Aidan had indeed lost his faith, because he had been instructed all his life that God was a personage, the one Creator who rules and controls all people and all events. The only evidence for this was faith, and for Aidan it had not been enough. God had not interceded to prevent his suffering. However, it is not what God can do or has done for us, but what we can do for God. For we are God; God resides within each of us, in our Higher Self.
We have no need to pray for God to magically grant us what we wish, but we do better to pray giving thanks for all that we can be grateful for. Thanks for being alive, to experience and learn from the world, to have the freedom to make mistakes, to be free to act as we will and to receive the consequences of our actions and non-actions. Instead of being puppets, we are able to create a better world; indeed, to express our divinity.

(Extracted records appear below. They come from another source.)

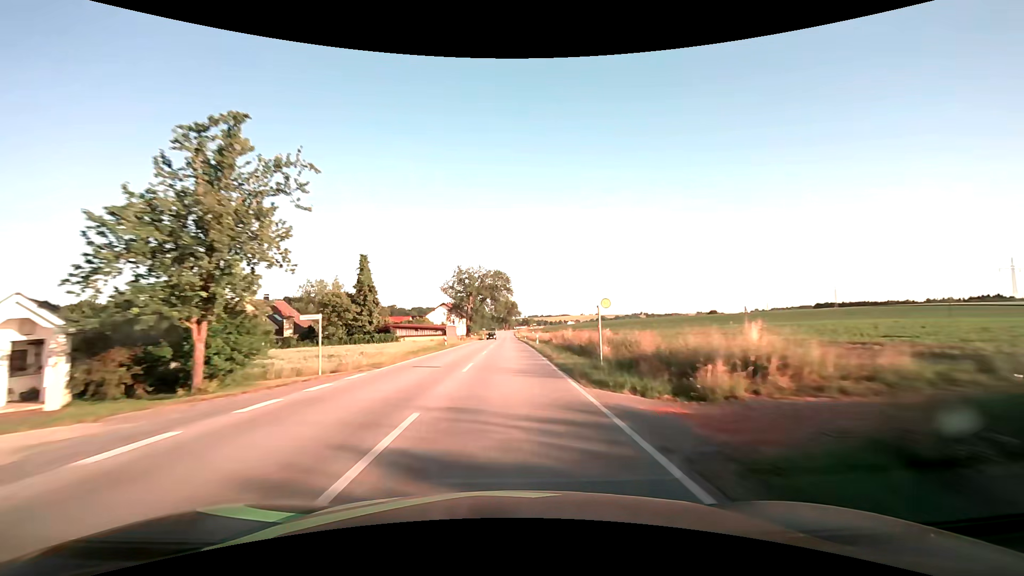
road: secondary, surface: asphalt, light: Day
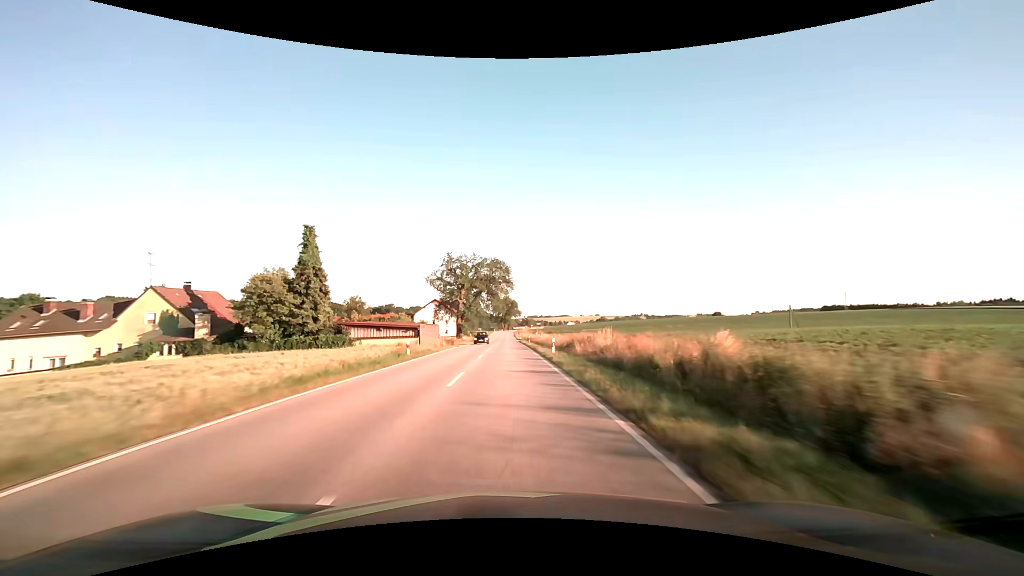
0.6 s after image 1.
(0.0, +15.9) m; 0°
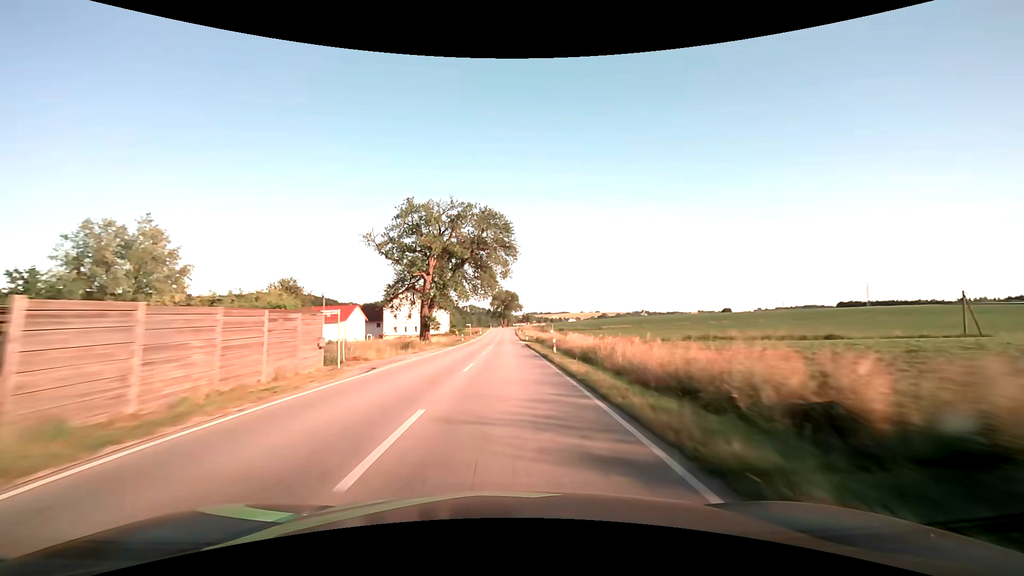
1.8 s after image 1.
(+0.1, +31.8) m; 0°
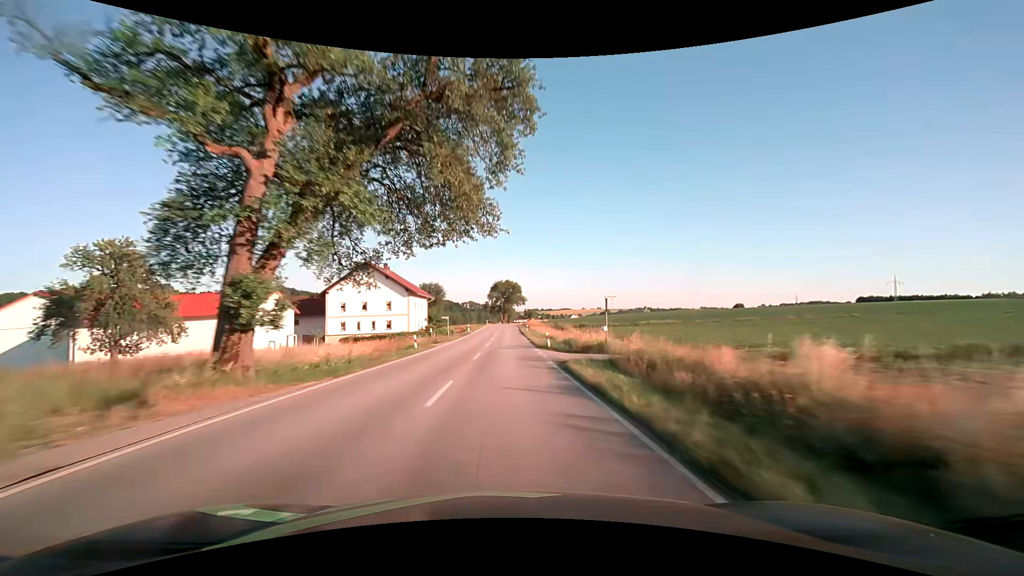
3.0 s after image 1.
(0.0, +31.8) m; 0°
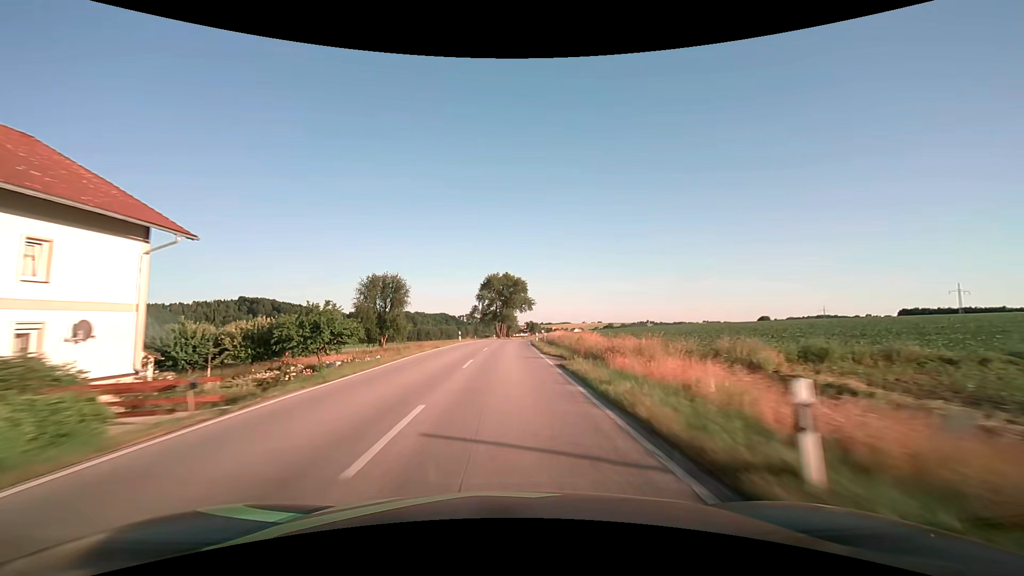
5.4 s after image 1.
(-0.1, +63.4) m; 0°
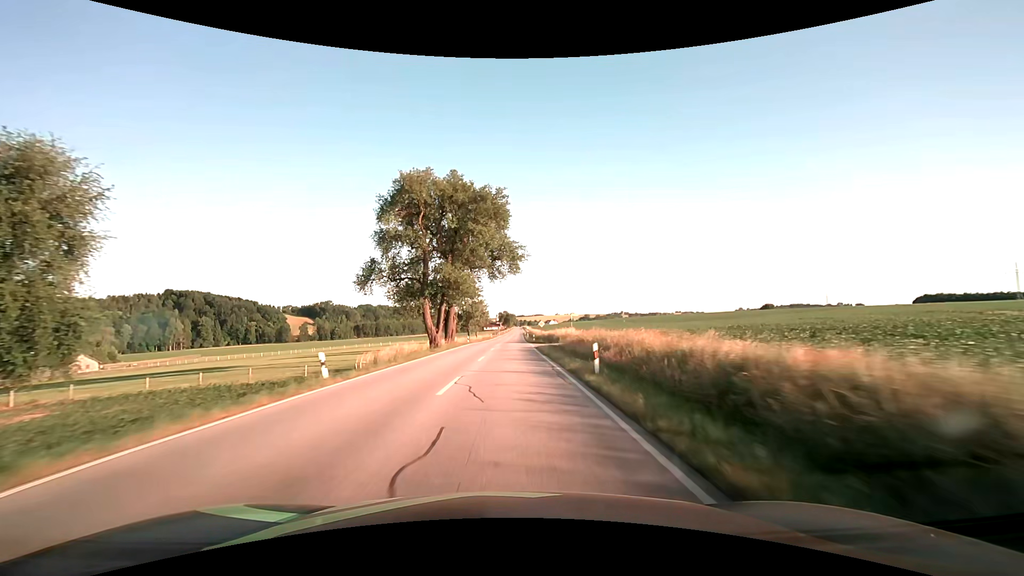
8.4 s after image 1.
(+2.0, +78.5) m; +3°
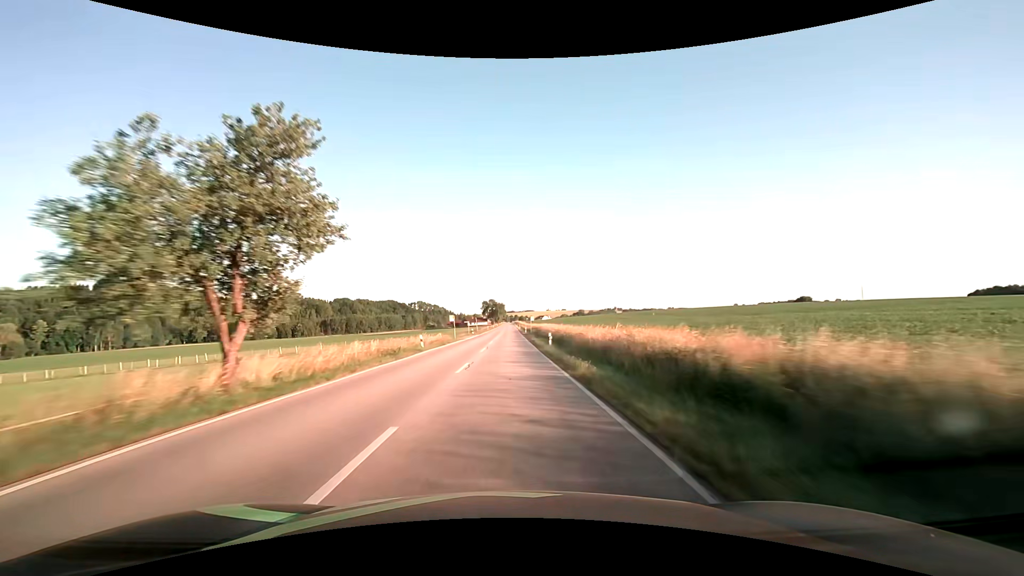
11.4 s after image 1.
(+1.3, +79.2) m; +1°
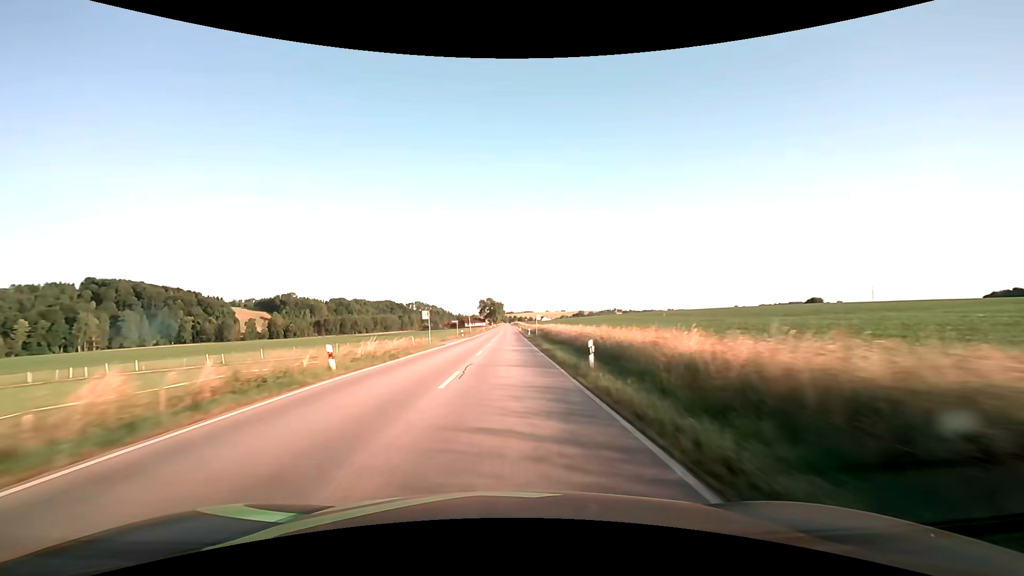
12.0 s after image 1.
(0.0, +15.9) m; 0°
(0, +10) (0, +20) (0, +30) (0, +40) (0, +50) (0, +60) (0, +70) (0, +80) (0, +90) (0, +100) m

To determine our path, we do well to surrender a choice governed by fear or attachment for the inner knowing of our Higher Self, expressed through our heart - what Krishnamurti calls “choiceless awareness.” We need only ask: “Is this guided by love?” That always points to the true path ahead.
So what remains of worship? I think propitiation plays no part since that lacks respect for the divinity within. Devotion is a better concept; sincere respect for the creative intelligence and wondrous beauty of the Universe of which we are a part. Since God IS all that is, we each are an aspect of divinity that is here to experience Creation. It is the Game of Life, with all of its cruelty, tragedy, heroism and glory. Realizing our freedom and the part we have to play - and its divinity - that is “the glory beyond” as Ruadh pointed out, but here and now.
A personal God who interceded in the Game of Life, breaking its rules, would destroy it. A game requires freedoms, barriers, purposes, unknowns; that is the way of things. Fortunately manipulation is not God’s purpose and thankfully, we are free to create of our lives what we will.
God can be conceived in multiple, equally valid ways - a personal presense; in all and everything, or Creation, if you will; and at the core of each and every one of us... “light that is one though the lamps be many.” So our experience is God’s. When things go wrong, God suffers with us. When things go right, God celebrates alongside us. At all times, God is Love and is in our hearts.
Aidan finally understood this and got his faith back. He went on to build four great churches in Scandinavia, to serve and lead the Vikings who had at first enslaved him and amongst whom he had later found true brotherhood. Saint Aidans’s tomb can be found in the shadow of the Hagia Sophia, Constantinople.